Table 4 describes the issue and how the EVPN-MPLS interworking implementation prevents the issue. The use cases shown in Figure 4 and Figure 5 illustrate the issue. In both use cases, PE1, PE2, and PE3 are EVPN peers, and PE2 and PE3 are MC-LAG peers.
MAC Synchronization Use Case |
EVPN Interworking with Junos Fusion Enterprise and MC-LAG Logic |
Issue |
Juniper Networks Implementation Approach |
---|---|---|---|
MAC addresses learned locally on single- or dual-homed interfaces on PE2 and PE3. |
|
PE2 and PE3 function as both EVPN peers and MC-LAG peers, which result in these devices having multiple MAC synchronization paths. |
|
MAC addresses learned locally on single- or dual-homed interfaces on PE1. |
Between the EVPN peers, MAC addresses are synchronized using the EVPN BGP control plane. |
None. |
Not applicable. |
Handling Down Link Between Cascade and Uplink Ports in Junos Fusion Enterprise
This section applies only to EVPN-MPLS interworking with a Junos Fusion Enterprise.

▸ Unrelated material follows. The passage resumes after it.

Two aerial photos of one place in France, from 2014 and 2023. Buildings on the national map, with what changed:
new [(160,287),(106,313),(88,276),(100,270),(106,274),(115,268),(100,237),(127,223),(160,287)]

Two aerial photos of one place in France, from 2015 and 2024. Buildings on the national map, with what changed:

In the Junos Fusion Enterprise shown in Figure 4, assume that aggregation device PE2 receives a BUM packet from PE1 and that the link between the cascade port on PE2 and the corresponding uplink port on satellite device SD1 is down. Regardless of whether the BUM packet is handled by MC-LAG or EVPN multihoming active-active, the result is the same—the packet is forwarded via the ICL interface to PE3, which forwards it to dual-homed SD1.

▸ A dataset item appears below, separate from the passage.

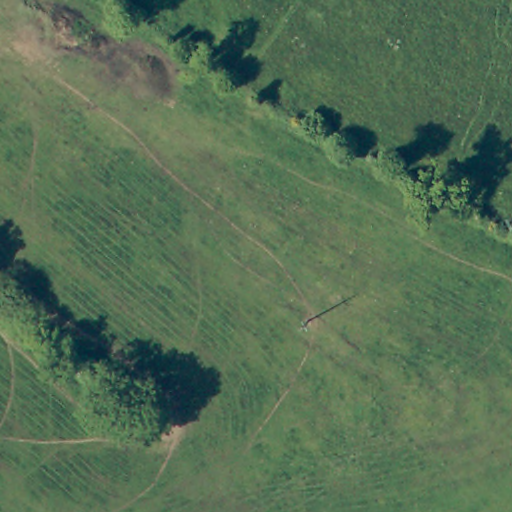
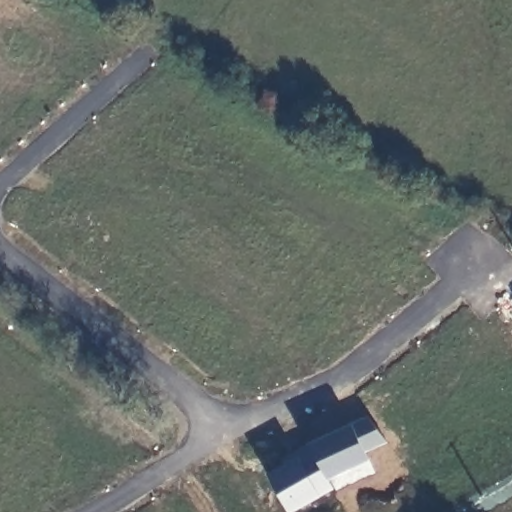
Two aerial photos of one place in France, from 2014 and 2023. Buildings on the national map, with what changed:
new [(367,414),(386,437),(364,448),(368,456),(327,475),(308,441),(367,414)]
new [(283,461),(280,456),(307,440),(308,441),(327,475),(333,485),(290,510),(267,470),(283,461)]

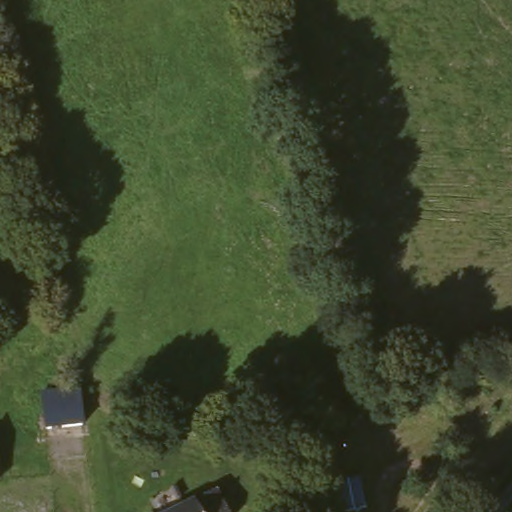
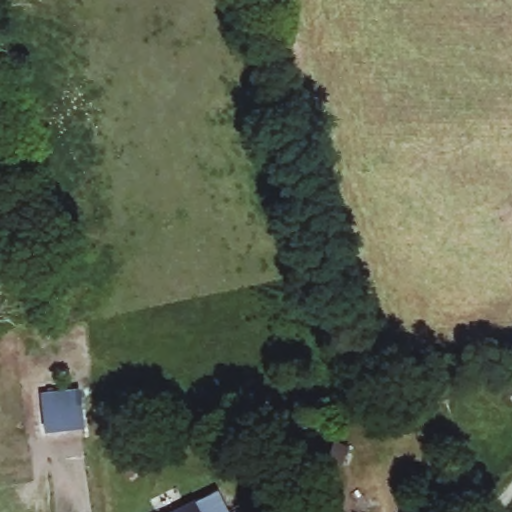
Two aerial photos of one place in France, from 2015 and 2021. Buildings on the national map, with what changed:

To further illustrate how EVPN with multihoming active-active handles this situation with dual-homed SD1, assume that the DF interface resides on PE2 and is associated with the down link and that the non-DF interface resides on PE3. Typically, per EVPN with multihoming active-active forwarding logic, the non-DF interface drops the packet. However, because of the down link associated with the DF interface, PE2 forwards the BUM packet via the ICL to PE3, and the non-DF interface on PE3 forwards the packet to SD1.
Layer 3 Gateway Support
The EVPN-MPLS interworking feature supports the following Layer 3 gateway functionality for extended bridge domains and VLANs:
Integrated routing and bridging (IRB) interfaces to forward traffic between the extended bridge domains or VLANs.
Default Layer 3 gateways to forward traffic from a physical (bare-metal) server in an extended bridge domain or VLAN to a physical server or virtual machine in another extended bridge domain or VLAN.
Understanding the Incremented Values of Statistical Counters for Loop-Free MC-LAG Networks
In an MC-LAG in an active-active bridging domain, the output of the following command displays the MC-LAG color counters to be continuously increasing. This increase in the statistical count is an expected behavior because the MC-LAG color attribute or counter functions as a loop prevention mechanism.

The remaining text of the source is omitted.